NAMD is different from most LCRC applications because it uses Charm++ rather than MPI to handle communications between processes. The most current builds of NAMD (v2.12) uses Charm++ over MPI. There are NAMD 2.12 builds for the Knights Landing (KNL) and Broadwell (BDW) nodes on Bebop. A build for the Materials Science Broadwell nodes on blues is also available.
You can improve the parallel scaling of NAMD on the KNL by using communication threads. This allows for asynchronous communications between processing elements. One core per node should not be used by NAMD to handle overhead from the operating system. James Philips (UIUC) described this in detail in a recent presentation at Charm++ workshop. This is a link to his presentation.

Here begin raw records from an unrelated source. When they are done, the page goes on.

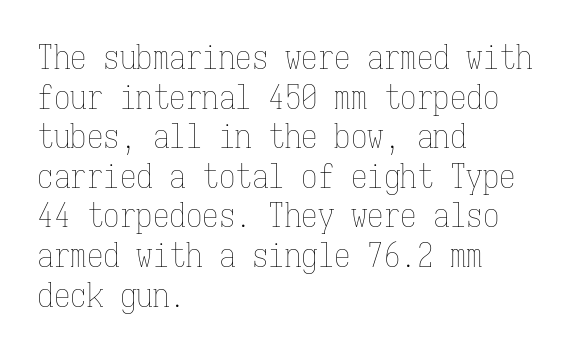
Q: Is the text bold? A: No.
Q: Is the text italic (slanted)? A: No, it is upright.
Q: Is the text underlined? A: No.
Q: How is the paragraph aligned? A: Left-aligned.
Q: Is the spacing between letters normal or unusually wide? A: Normal.
Q: Width (condensed, normal, or wide)? A: Condensed.
Q: Stroke contrast? A: Low.
Q: x-height? A: Medium.
Q: Monospaced? A: Yes.
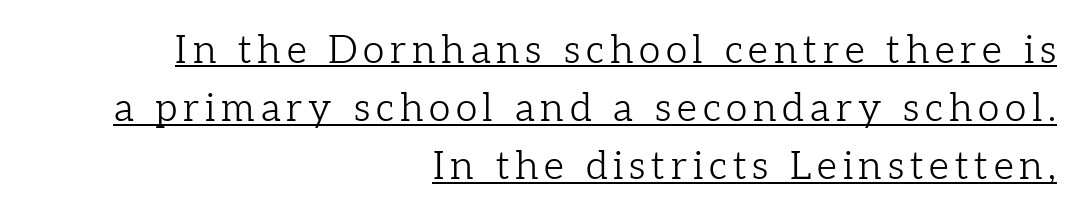
{"serif": "yes", "italic": "no", "bold": "no", "weight": "light", "width": "normal", "stroke_contrast": "low", "x_height": "medium", "monospaced": "no", "underline": "yes", "align": "right", "line_spacing": "normal", "line_spacing_ratio": 1.49, "glyph_px": 39}
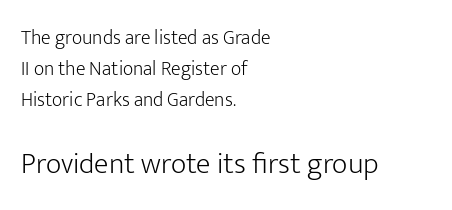
Heaviness? Minimal to ordinary, like unemphasized prose. Note: smaller setting up top, larger setting below. The glyphs in this specimen are sans serif. Summary of vertical rhythm: regular, with standard interline spacing. The strip under each line holds only bare page. Nobody touched the tracking dial on this one.
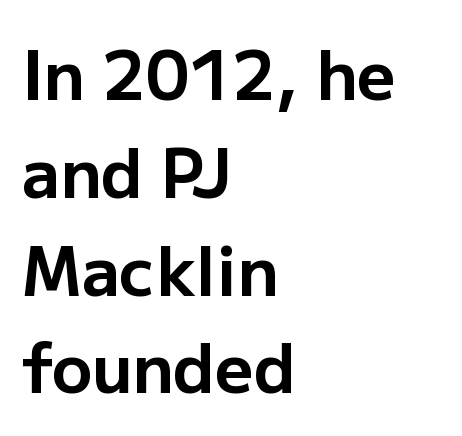
The image shows 67 px bold sans-serif type, upright; set left-aligned, normal line spacing (1.46x), normal letter spacing, not underlined; low stroke contrast and a medium x-height.
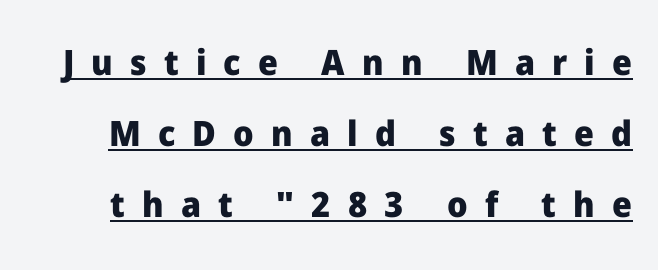
This is sans-serif lettering, the kind often seen on screens and signage. Think of a printed novel: that variable character pitch is what you see here. In terms of posture, this sample is upright. You could only call the tracking loose — the letters float apart. You'd pick this weight for a headline — it's a proper bold. Compared with typical paragraphs, the rows here are farther apart.
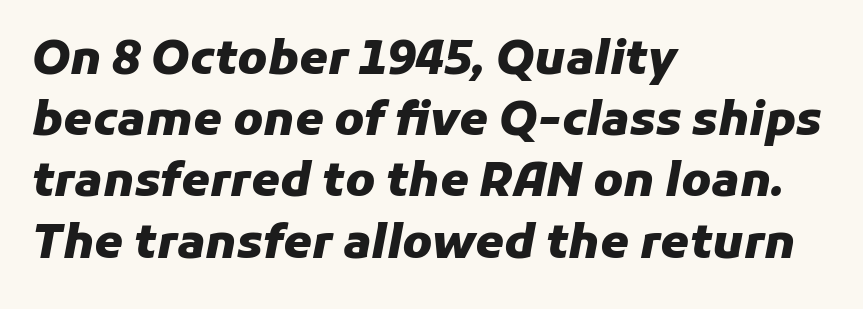
Q: Is the text bold? A: Yes.
Q: Is the text italic (slanted)? A: Yes, it leans right by about 11 degrees.
Q: Is the text underlined? A: No.
Q: How is the paragraph aligned? A: Left-aligned.
Q: Is the spacing between letters normal or unusually wide? A: Normal.
Q: Is the spacing between lines tight, normal or loose? A: Normal.
Q: Width (condensed, normal, or wide)? A: Normal.
Q: Stroke contrast? A: Low.
Q: x-height? A: Medium.
Q: Monospaced? A: No.
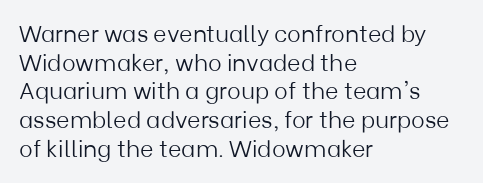
The image shows 23 px text type, upright; set left-aligned, normal line spacing (1.25x), normal letter spacing, not underlined.
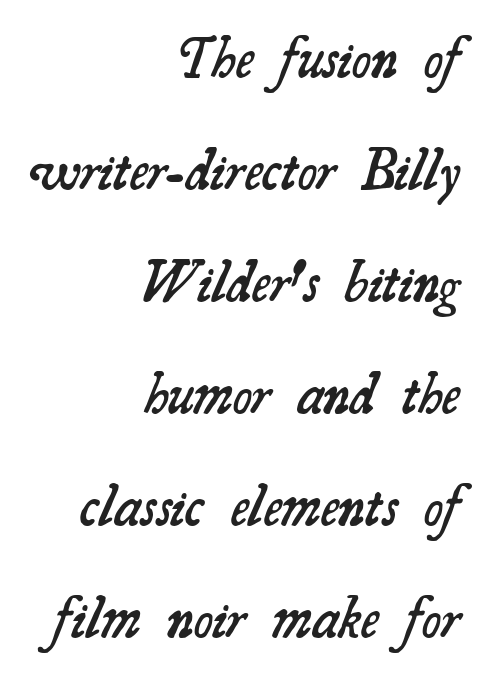
The image shows 58 px semibold serif type; set right-aligned, loose line spacing (1.93x), normal letter spacing, not underlined; medium stroke contrast and a small x-height.

On the KNL communication threads improves the parallel scaling of NAMD. Phillips is recommending using 13 communication threads per node. This is a good recommendation for more than 32 nodes of Bebop’s KNL nodes. For more than 2 and less than 64 nodes, 7 or 9 communication threads per node give better performance. For less than 2 nodes, one communication thread is adequate. A sample script is provided in /soft/namd/2.12/bebop/knl.sh.
One communication thread per node gives the best performance on less than 4 BDW nodes. For four or more nodes, seven or nine communication threads give good parallel scaling for up to 32 BDW nodes. A sample script to run NAMD on the bebop nodes can be found at /soft/namd/2.12/bebop/bdw.sh.
The relative multinode performance of NAMD 2.12 on BDW and KNL nodes is about the same. KNL outperforms BDW on 1 or 2 nodes. BDW outperforms KNL nodes on four or more nodes.